QM and the isolated compounds (1–6) showed inhibitory activities towards inflammatory cytokines and chemokines. The EtOAc fraction of QM and PC (1) among the isolated compounds (1–6) showed potent activities against MCP-1, TARC, IL-6, IL-8, IL-10, and IL-13 in keratinocytes irradiated with UVB.

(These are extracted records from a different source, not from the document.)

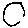
Label: circle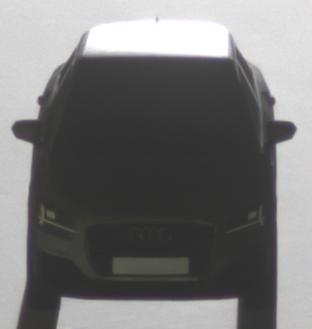
Make: Audi
Model: Q2
Model produced from: 2016
Model produced until: 2020
Doors: 5
Color: gray
Road condition: dry road
Daytime: night
Contrast: high contrast

PC (1) relieved inflammation by enhancing the regeneration of keratinocytes exposed to UVB. PC (1) also inhibited chemokine and cytokine overexpression induced by UV irradiation in keratinocytes in a concentration-dependent manner. Additionally, we examined whether the result of inflammation relaxation of PC (1) occurred because of the activity of NF-κB and STAT/JAK in UVB-irradiated keratinocytes. PC (1) not only reduced p38, JNK, and ERK phosphorylation in a concentration-dependent manner but also reduced the expression of NF-κB and STAT1, indicating that PC (1) inhibits the production of chronic inflammatory disease factors induced by UVB irradiation. These results suggest that 1 and QM can be further developed to treat chronic inflammatory skin diseases, like atopic dermatitis and psoriasis.